Models for effective metabolic rehabilitation have been developed, but none are adequate for prevention of first or recurrent stroke. Cardiac rehabilitation programs typically last 12 weeks and emphasis physical activity. They have been associated with reduced all-cause mortality, but sustained effects on weight, long-term vascular outcomes, and diabetes prevention have not been demonstrated²⁰. Similarly, diet programs directed at weight loss generally produce results in the short term, but weight is typically regained within a few years and the clinical significance of the loss has not been determined²¹. Unsupported office-based advice to increase physical activity or lose weight is generally ineffective²². For sustained weight loss, intensive programs involving personalized coaching for both fitness and nutrition, meal provision (at least initially), and continuous participation over years seem to be required^{23, 24}. Such intensive efforts, as exemplified by the Diabetes Prevention Program²³, are expensive and require a high level of commitment from participants. Even these intensive programs produce only modest weight loss over the long term. Nevertheless, sustained multi-disciplinary program-based models may be the best we have to offer in the near term.

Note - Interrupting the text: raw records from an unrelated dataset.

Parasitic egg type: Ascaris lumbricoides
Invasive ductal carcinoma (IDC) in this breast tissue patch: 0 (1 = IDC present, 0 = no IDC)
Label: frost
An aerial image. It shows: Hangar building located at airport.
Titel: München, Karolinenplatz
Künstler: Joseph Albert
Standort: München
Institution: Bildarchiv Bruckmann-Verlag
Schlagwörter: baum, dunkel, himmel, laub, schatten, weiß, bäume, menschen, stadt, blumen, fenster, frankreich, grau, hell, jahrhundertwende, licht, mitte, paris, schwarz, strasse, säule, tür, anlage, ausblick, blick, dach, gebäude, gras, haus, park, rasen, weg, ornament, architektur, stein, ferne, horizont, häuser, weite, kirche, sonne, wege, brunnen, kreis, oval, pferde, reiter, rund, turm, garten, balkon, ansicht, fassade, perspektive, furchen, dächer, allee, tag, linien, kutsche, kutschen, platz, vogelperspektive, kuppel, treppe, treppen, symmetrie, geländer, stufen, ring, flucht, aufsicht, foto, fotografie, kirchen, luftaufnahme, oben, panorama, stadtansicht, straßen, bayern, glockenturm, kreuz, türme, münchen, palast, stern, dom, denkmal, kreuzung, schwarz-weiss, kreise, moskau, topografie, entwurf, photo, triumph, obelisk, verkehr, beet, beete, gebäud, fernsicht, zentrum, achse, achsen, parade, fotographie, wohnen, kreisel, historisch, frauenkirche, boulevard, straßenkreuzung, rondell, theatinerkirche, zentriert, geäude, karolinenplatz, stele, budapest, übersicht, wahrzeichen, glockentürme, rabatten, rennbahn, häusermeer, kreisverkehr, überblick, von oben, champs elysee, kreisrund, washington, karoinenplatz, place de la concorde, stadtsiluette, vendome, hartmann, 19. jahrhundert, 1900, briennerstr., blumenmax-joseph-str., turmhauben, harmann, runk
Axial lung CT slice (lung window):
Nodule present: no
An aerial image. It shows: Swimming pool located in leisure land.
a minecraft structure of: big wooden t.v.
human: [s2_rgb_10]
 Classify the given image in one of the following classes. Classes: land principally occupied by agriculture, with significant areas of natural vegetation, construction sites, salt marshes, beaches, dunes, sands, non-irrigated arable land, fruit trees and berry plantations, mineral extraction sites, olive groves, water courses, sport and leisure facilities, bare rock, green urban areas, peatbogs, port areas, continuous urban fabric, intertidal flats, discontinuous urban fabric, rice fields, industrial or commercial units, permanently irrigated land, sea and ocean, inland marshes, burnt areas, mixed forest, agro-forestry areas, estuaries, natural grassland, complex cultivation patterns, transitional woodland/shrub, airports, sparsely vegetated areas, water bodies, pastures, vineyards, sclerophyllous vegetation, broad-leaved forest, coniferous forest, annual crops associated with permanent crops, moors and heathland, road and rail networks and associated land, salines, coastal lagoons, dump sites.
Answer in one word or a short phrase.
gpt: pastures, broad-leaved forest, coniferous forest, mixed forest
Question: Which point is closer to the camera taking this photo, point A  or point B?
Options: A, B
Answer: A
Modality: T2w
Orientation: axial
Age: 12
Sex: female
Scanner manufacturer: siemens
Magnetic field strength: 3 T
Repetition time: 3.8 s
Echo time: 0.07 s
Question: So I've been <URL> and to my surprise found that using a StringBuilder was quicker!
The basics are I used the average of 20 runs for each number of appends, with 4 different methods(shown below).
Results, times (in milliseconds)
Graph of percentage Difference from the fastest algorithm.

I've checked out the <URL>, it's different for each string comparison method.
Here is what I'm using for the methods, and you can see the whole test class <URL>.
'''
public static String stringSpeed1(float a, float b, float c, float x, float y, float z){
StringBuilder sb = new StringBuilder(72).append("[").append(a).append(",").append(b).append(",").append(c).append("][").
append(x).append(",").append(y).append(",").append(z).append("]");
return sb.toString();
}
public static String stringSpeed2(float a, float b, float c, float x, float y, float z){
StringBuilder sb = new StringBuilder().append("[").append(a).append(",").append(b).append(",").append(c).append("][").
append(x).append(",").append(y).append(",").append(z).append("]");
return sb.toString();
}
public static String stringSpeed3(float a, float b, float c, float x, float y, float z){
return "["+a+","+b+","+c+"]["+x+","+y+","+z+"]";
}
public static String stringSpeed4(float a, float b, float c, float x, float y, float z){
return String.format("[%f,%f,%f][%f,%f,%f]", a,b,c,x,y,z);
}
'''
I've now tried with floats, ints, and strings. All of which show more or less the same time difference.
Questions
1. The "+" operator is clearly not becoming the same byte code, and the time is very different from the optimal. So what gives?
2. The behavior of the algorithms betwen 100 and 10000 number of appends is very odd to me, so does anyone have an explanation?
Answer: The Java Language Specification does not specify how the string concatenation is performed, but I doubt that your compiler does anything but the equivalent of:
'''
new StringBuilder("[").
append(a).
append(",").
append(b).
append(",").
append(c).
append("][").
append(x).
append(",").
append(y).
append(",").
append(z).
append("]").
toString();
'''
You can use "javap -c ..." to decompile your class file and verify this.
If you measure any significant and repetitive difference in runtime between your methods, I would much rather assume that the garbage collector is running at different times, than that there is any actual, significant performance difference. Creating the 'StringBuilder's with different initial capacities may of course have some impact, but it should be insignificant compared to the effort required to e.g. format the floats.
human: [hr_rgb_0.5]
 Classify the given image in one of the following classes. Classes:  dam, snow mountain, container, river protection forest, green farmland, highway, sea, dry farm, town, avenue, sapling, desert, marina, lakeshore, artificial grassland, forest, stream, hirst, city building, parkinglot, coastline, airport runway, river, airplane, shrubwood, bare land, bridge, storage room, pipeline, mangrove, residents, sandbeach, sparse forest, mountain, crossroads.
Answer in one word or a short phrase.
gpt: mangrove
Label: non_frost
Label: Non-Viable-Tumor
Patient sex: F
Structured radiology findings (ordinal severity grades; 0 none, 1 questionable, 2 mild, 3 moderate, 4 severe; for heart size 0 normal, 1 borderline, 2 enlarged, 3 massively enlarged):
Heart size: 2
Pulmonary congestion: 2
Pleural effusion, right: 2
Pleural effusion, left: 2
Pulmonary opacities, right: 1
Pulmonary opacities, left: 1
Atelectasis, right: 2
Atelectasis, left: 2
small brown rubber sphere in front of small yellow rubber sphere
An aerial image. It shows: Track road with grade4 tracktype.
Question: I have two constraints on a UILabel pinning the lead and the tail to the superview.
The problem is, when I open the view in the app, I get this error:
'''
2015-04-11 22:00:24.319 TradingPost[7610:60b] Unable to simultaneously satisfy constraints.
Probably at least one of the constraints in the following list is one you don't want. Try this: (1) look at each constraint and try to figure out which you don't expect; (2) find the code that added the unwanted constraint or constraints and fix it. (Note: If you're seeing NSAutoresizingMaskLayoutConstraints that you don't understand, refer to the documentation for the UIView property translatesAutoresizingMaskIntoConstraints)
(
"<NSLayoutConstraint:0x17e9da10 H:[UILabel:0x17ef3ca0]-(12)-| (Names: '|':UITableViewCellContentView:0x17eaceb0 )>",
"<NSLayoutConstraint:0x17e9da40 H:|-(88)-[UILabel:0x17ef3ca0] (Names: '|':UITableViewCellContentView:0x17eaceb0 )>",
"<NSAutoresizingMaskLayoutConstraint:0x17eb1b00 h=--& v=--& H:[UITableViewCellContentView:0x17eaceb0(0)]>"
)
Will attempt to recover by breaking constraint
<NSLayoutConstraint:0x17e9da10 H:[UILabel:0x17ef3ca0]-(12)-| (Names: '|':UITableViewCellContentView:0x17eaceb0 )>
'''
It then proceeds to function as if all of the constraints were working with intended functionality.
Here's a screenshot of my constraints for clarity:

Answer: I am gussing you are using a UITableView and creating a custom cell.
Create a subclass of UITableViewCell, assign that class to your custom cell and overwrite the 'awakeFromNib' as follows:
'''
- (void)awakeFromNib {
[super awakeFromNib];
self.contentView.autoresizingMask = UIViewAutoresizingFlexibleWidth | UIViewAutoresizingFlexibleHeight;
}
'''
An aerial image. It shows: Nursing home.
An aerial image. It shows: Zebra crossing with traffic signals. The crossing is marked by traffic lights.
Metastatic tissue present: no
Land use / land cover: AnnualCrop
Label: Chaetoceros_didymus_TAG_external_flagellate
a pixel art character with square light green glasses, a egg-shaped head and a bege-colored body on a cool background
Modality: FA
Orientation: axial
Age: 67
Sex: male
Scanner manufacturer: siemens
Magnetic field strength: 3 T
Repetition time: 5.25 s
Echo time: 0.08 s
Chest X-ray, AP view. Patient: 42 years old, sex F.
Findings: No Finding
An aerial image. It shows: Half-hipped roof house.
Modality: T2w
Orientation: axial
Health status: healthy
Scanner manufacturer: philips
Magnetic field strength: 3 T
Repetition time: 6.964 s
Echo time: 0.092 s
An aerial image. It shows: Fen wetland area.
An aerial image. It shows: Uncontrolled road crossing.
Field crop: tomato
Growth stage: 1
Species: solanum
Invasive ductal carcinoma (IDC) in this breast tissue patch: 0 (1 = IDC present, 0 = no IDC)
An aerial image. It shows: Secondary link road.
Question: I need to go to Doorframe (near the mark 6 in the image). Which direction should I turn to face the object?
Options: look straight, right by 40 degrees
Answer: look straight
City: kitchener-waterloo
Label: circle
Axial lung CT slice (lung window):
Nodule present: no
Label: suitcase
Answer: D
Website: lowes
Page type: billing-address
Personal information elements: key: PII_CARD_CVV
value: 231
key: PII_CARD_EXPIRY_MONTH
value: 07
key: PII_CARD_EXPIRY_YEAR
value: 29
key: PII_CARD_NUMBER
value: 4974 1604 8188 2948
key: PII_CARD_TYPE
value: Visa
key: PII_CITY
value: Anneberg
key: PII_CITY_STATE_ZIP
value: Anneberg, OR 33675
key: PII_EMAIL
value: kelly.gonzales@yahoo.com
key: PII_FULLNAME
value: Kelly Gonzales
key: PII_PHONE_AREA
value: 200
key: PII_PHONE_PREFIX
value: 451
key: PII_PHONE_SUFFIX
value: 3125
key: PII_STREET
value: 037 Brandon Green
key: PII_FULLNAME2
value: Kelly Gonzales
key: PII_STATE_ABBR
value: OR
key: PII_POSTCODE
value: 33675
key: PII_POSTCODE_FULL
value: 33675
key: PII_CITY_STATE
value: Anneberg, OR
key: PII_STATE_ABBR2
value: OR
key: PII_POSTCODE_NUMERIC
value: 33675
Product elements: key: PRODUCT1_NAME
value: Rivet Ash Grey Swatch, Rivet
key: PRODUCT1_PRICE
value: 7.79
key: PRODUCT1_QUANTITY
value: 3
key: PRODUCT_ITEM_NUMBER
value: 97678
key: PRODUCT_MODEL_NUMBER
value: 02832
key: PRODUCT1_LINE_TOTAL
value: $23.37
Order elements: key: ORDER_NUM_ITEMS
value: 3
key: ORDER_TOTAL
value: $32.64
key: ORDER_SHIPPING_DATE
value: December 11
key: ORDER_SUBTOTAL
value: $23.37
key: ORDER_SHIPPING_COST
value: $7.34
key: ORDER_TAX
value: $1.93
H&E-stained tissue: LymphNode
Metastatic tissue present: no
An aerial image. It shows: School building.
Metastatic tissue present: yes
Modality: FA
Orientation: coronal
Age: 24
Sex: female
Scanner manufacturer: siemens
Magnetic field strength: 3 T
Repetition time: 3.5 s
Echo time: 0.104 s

Because changing human behavior is difficult, pharmacotherapy and surgery are popular among patients, clinicians, and researchers. Pharmacotherapy has a second-tier role in diabetes prevention (next to lifestyle modification) and a marginal role as adjunctive therapy for weight loss. The NINDS is currently funding the Insulin Resistance Intervention after Stroke (IRIS) trial to determine the effectiveness of the insulin-sensitizer, pioglitazone, in prevention of recurrent stroke and myocardial infarction among non-diabetic patients with a recent ischemic stroke or TIA and insulin resistance (NCT 00091949). If this study proves positive, a new avenue of clinical investigation may open. Other pharmacological agents with insulin sensitizing effects include other thiazolidinediones, non-thiazolidinedione PPAR agonists, 11β hydroxysteroid dehydrogenase-1 inhibitors, protein tyrosine phosphatase-1b inhibitors, and acetyl-coA Carboxylase-1 and -2 inhibitors. For selected patients, bariatric surgery is successful in preventing progression to diabetes²⁵, but effects on vascular events and mortality remain uncertain²⁶.

Thacker and colleagues have added to the scientific basis for a new generation of research on metabolic disease and stroke. Until these investigations bear fruit, we recommend that patients with ischemic stroke be screened for diabetes and pre-diabetes and that those with abnormal findings are encouraged to enter and remain in structured programs for fitness and good nutrition.